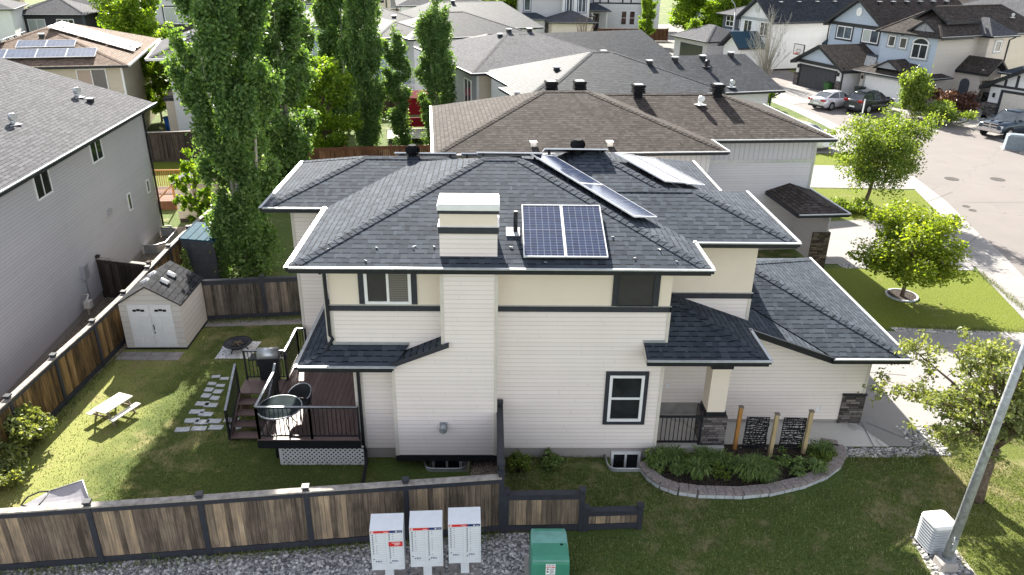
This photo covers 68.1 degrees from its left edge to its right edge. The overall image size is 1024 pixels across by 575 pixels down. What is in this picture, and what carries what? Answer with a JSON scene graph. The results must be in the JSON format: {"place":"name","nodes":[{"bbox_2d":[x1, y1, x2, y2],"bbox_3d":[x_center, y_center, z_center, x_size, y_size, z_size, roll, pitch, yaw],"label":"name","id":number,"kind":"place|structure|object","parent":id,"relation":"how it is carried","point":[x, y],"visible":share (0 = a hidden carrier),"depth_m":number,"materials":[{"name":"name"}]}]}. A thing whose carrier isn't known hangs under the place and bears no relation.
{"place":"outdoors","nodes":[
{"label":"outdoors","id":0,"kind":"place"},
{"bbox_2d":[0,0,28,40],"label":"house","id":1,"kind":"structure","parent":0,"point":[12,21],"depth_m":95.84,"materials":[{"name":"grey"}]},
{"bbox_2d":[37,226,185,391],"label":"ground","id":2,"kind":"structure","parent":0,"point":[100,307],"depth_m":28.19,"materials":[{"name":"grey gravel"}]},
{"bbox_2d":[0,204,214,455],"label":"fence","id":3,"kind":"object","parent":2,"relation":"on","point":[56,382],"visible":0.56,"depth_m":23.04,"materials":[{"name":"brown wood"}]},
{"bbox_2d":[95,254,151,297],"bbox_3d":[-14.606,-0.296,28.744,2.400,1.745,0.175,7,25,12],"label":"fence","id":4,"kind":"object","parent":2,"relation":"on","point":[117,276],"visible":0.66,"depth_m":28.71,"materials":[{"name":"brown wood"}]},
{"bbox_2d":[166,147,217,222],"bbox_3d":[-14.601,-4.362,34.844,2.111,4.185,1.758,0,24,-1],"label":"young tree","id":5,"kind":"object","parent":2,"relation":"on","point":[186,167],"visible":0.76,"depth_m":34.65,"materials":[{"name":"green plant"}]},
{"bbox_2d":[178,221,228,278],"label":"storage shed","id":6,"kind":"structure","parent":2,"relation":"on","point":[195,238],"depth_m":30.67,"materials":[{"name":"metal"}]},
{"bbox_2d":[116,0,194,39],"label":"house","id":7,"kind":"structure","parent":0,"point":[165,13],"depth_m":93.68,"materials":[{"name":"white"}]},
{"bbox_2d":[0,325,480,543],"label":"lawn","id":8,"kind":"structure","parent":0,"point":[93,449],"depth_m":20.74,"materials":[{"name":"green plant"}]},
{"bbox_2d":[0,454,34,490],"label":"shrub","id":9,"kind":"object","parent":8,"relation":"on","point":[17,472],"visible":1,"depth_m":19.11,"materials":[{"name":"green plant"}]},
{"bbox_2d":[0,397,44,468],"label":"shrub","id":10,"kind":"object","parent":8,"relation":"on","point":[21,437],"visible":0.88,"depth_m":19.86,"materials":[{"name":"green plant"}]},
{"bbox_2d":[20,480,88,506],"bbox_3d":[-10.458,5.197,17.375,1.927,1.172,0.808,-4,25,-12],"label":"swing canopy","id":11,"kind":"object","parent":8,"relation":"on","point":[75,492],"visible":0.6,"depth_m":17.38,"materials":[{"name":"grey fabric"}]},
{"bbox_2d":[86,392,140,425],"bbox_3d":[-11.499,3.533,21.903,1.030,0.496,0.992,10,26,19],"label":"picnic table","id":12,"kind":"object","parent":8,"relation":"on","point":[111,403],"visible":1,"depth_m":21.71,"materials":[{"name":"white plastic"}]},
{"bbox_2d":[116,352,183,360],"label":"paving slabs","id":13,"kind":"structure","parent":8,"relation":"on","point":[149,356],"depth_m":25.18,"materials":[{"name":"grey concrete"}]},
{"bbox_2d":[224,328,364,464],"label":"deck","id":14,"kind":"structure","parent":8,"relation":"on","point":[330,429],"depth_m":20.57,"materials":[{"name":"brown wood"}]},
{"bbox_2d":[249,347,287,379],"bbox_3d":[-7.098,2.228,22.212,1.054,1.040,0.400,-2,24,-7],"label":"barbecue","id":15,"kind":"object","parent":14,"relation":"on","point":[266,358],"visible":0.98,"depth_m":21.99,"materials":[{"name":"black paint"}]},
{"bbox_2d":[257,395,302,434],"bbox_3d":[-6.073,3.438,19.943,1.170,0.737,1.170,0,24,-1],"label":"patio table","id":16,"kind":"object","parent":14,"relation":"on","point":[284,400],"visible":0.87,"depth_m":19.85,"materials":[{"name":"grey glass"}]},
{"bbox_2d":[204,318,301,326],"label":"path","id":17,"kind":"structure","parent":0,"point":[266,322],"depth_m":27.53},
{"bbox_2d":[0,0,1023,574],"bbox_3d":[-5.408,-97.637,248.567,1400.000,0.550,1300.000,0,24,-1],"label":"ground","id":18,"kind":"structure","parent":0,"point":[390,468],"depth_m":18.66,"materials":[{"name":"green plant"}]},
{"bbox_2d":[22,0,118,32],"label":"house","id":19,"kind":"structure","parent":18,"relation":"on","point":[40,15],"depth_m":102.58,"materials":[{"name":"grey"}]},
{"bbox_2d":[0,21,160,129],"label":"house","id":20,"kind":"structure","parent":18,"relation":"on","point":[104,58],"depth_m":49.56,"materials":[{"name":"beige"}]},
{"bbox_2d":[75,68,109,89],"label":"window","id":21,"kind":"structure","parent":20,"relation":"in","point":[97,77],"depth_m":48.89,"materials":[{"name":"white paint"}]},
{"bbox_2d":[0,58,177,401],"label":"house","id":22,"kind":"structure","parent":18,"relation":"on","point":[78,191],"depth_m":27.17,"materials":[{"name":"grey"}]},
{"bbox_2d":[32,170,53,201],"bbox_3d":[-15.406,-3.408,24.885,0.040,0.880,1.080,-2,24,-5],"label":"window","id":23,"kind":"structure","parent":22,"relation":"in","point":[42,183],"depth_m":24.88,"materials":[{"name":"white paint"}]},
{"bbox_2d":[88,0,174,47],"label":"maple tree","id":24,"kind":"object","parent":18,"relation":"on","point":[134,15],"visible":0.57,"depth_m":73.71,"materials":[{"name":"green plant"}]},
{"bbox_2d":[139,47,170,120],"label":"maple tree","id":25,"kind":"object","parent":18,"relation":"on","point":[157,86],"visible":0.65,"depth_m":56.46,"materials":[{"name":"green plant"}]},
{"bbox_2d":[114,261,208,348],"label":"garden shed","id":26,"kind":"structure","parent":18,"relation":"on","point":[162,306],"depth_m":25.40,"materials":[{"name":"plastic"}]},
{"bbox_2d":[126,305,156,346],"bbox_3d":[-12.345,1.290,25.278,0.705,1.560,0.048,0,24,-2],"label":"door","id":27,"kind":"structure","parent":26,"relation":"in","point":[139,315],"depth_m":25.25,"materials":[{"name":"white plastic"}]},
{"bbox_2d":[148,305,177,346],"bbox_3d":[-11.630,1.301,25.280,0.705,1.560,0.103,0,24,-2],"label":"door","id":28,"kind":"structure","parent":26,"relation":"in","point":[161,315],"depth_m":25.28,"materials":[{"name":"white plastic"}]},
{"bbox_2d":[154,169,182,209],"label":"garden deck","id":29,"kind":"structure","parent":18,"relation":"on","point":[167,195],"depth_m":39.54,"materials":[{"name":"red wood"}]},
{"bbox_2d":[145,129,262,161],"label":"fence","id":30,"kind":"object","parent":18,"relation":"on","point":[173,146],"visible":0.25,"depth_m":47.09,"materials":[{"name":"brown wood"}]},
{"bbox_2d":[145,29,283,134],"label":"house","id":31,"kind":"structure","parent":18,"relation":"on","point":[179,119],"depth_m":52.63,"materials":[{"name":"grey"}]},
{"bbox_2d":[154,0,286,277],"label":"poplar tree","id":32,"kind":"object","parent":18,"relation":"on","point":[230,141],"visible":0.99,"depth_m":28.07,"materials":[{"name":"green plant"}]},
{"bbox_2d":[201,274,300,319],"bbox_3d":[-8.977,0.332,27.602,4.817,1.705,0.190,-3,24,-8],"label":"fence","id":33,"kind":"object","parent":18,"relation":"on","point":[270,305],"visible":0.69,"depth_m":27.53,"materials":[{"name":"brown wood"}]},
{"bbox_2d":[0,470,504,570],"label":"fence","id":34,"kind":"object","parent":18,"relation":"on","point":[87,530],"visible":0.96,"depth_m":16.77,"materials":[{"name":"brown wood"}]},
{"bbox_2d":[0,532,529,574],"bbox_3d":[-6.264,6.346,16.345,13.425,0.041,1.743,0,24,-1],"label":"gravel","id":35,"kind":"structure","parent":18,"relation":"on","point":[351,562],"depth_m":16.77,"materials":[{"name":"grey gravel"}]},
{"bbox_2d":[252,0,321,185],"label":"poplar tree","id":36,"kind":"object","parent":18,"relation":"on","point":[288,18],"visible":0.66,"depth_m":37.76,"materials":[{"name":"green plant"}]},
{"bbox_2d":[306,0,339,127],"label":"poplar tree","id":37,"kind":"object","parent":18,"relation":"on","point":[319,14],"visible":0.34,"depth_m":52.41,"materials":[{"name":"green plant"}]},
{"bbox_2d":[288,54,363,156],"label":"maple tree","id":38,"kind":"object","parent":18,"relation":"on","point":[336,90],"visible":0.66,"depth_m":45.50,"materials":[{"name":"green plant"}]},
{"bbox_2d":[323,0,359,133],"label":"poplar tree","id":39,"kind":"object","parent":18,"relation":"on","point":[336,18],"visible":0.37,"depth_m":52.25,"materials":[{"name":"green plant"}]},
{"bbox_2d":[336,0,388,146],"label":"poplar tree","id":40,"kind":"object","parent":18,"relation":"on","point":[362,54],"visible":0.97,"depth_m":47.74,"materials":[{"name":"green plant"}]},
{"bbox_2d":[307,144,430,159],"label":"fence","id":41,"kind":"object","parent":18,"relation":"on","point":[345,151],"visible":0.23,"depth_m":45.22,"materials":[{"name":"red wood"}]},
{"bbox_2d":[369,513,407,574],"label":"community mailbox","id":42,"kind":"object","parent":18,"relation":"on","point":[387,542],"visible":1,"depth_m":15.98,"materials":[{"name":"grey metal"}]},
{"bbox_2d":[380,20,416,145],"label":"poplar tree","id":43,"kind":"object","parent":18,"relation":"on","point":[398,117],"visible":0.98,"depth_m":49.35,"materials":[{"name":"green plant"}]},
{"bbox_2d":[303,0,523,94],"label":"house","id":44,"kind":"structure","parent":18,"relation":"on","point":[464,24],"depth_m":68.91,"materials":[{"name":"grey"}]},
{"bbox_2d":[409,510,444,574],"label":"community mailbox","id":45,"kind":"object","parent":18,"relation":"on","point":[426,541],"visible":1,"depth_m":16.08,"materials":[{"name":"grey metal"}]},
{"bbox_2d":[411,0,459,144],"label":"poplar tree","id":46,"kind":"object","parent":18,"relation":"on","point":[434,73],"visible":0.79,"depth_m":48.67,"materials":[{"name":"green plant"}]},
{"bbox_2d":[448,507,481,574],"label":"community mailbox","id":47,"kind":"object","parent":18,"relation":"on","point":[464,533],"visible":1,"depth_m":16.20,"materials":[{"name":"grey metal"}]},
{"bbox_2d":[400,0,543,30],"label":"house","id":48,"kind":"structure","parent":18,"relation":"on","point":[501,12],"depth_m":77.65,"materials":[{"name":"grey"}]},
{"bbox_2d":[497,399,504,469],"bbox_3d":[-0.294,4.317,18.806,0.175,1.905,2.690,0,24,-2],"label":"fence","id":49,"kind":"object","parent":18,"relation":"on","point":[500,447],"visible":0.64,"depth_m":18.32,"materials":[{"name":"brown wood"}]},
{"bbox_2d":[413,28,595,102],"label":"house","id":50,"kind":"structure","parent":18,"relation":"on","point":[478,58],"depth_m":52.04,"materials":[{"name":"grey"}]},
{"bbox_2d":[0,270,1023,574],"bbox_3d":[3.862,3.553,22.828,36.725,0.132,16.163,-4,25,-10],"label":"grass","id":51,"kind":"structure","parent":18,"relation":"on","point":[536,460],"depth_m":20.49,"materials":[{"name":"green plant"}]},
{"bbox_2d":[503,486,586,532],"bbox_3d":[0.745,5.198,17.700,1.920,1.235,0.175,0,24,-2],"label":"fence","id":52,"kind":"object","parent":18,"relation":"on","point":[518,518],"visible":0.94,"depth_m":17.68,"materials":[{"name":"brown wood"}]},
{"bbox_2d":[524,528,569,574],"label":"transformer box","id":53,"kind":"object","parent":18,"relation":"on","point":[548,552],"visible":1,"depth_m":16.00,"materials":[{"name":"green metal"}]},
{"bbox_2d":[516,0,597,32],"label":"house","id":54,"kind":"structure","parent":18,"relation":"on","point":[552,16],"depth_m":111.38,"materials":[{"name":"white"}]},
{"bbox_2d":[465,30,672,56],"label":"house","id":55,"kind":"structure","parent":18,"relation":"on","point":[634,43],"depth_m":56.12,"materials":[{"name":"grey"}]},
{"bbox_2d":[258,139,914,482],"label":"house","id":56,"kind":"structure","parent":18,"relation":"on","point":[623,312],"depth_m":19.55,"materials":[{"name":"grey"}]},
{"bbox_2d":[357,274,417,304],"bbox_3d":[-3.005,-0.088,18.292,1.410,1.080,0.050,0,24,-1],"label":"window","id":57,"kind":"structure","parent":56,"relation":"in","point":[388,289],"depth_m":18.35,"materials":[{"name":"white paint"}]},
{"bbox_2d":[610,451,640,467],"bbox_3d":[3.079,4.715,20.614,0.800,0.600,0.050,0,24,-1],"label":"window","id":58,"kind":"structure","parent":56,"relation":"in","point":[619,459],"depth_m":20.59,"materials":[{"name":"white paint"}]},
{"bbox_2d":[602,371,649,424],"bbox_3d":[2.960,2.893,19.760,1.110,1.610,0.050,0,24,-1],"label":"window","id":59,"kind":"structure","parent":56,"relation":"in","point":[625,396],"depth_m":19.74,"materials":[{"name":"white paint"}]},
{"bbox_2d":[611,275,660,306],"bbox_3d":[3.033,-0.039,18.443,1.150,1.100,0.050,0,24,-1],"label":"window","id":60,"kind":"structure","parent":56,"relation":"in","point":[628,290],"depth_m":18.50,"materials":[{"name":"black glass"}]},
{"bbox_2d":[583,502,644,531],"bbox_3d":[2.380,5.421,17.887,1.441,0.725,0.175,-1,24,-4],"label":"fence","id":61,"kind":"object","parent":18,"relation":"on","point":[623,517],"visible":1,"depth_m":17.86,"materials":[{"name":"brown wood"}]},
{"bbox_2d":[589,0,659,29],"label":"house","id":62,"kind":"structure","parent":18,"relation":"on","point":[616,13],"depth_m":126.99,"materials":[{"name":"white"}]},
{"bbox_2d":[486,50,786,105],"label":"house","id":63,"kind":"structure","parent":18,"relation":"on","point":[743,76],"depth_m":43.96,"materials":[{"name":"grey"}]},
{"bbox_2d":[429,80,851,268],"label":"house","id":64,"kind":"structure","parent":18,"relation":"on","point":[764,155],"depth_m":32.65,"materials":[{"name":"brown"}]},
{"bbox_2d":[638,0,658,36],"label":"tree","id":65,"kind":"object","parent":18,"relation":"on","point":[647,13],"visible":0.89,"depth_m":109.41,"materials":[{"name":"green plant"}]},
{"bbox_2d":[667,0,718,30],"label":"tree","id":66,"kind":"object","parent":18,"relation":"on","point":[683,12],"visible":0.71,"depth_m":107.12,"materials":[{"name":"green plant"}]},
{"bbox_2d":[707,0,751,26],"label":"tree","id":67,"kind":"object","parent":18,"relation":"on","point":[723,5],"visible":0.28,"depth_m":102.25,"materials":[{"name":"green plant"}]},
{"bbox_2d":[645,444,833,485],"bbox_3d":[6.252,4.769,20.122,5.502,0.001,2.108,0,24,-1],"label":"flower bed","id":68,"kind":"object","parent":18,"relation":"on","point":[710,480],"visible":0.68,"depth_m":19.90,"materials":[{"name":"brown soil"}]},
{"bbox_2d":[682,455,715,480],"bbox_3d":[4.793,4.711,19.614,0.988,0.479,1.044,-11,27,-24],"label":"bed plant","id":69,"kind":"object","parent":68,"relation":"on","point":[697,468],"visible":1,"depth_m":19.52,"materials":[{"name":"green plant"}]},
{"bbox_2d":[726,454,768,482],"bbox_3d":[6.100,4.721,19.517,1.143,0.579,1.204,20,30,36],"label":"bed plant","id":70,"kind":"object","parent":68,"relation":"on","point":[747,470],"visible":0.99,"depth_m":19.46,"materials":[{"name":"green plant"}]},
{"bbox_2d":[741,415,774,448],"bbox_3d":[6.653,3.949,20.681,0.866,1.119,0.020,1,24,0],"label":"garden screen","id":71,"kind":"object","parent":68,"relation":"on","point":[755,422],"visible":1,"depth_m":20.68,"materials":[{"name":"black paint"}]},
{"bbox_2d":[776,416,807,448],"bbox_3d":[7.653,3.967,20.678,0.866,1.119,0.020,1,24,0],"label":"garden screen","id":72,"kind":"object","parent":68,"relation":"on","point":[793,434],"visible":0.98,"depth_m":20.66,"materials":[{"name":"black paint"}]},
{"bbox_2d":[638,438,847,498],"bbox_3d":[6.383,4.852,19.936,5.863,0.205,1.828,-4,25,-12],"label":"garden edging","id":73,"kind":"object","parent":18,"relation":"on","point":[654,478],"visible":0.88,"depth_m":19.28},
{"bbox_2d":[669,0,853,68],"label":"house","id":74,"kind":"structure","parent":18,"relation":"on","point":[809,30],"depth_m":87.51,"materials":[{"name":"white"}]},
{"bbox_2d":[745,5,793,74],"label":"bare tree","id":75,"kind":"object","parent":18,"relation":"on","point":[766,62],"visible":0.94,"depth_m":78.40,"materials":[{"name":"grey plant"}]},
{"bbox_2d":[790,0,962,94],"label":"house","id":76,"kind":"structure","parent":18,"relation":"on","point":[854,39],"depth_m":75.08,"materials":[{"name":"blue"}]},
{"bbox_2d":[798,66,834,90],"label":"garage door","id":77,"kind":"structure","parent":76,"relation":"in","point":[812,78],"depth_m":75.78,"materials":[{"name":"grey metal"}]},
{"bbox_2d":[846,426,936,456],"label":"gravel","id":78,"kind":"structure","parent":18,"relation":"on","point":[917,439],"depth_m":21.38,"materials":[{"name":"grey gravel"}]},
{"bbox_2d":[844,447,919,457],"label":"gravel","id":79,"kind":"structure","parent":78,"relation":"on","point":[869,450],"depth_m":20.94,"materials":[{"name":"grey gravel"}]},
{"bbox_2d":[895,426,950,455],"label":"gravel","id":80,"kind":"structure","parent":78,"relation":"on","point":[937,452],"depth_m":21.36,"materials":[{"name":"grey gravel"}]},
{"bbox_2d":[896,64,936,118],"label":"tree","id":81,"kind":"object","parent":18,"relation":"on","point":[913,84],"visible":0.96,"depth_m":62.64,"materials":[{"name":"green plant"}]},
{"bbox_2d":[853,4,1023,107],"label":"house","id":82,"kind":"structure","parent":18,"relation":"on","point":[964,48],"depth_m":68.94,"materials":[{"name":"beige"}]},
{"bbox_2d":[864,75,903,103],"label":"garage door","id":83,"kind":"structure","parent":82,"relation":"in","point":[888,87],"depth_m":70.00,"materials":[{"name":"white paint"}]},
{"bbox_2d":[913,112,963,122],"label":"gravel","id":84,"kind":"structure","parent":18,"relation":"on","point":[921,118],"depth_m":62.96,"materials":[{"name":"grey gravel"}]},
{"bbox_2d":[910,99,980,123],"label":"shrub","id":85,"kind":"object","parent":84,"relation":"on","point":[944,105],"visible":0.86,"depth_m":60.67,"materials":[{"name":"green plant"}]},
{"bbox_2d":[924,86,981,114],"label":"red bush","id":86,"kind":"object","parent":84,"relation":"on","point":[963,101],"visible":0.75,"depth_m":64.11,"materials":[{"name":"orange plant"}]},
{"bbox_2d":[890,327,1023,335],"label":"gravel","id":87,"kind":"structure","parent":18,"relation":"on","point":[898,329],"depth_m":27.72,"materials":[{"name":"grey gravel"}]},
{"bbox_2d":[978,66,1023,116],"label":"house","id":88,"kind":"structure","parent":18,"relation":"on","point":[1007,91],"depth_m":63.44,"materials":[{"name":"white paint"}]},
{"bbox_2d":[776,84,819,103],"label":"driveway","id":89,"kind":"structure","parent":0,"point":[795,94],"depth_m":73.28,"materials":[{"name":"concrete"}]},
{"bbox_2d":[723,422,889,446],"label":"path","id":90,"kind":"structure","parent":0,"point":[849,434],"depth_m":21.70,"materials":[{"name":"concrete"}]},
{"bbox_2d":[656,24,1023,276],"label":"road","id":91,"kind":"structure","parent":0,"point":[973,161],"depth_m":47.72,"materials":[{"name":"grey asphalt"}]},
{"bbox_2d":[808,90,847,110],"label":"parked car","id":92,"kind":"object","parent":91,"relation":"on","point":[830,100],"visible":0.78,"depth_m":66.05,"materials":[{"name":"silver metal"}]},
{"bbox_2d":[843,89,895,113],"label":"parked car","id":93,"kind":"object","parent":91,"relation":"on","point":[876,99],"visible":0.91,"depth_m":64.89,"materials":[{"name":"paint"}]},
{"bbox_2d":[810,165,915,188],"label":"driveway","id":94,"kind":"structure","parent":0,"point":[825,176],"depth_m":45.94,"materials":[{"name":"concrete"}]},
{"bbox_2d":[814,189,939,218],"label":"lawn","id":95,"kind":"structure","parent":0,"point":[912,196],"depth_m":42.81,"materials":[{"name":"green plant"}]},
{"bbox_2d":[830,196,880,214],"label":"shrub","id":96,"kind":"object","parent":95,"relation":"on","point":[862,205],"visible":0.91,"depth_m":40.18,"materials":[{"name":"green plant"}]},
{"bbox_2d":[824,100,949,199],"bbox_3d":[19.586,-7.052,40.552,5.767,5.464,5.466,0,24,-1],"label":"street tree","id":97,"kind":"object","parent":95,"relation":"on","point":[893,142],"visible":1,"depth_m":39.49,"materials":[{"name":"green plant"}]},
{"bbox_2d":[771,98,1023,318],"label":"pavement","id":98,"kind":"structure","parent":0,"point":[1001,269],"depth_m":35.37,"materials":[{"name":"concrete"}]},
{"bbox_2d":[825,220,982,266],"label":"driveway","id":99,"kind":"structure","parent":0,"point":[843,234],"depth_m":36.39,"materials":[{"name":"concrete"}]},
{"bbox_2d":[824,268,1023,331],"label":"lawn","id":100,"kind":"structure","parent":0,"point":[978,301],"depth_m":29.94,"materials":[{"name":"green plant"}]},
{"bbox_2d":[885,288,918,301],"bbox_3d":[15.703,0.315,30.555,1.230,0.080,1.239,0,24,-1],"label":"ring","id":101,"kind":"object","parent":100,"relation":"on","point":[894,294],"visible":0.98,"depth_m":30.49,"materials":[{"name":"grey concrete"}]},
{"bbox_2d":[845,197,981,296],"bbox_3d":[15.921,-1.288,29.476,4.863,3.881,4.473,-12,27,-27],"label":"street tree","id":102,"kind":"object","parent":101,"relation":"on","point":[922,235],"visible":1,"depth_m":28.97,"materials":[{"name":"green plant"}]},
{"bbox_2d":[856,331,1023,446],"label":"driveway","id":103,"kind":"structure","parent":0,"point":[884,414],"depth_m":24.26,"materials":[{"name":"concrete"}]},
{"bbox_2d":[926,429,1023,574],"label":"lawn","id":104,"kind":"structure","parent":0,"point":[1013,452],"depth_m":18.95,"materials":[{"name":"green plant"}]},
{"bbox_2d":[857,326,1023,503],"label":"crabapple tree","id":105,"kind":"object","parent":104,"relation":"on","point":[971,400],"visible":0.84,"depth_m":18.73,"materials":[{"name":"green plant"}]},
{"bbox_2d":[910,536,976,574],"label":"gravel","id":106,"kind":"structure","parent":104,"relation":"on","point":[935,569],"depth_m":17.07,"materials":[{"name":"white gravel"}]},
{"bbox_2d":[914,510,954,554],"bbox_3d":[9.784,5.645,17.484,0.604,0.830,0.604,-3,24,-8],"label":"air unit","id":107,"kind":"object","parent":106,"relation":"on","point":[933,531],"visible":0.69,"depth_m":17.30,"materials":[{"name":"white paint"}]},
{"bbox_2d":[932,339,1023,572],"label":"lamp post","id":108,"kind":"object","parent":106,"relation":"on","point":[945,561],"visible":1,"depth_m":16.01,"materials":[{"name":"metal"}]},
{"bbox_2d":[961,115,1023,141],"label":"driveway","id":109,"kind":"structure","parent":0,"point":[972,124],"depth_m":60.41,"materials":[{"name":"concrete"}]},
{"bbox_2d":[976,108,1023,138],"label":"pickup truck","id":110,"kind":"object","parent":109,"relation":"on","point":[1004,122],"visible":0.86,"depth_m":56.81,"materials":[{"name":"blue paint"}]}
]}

___

Only the number should be given: how many lines in the entries above contain the string "street"?

2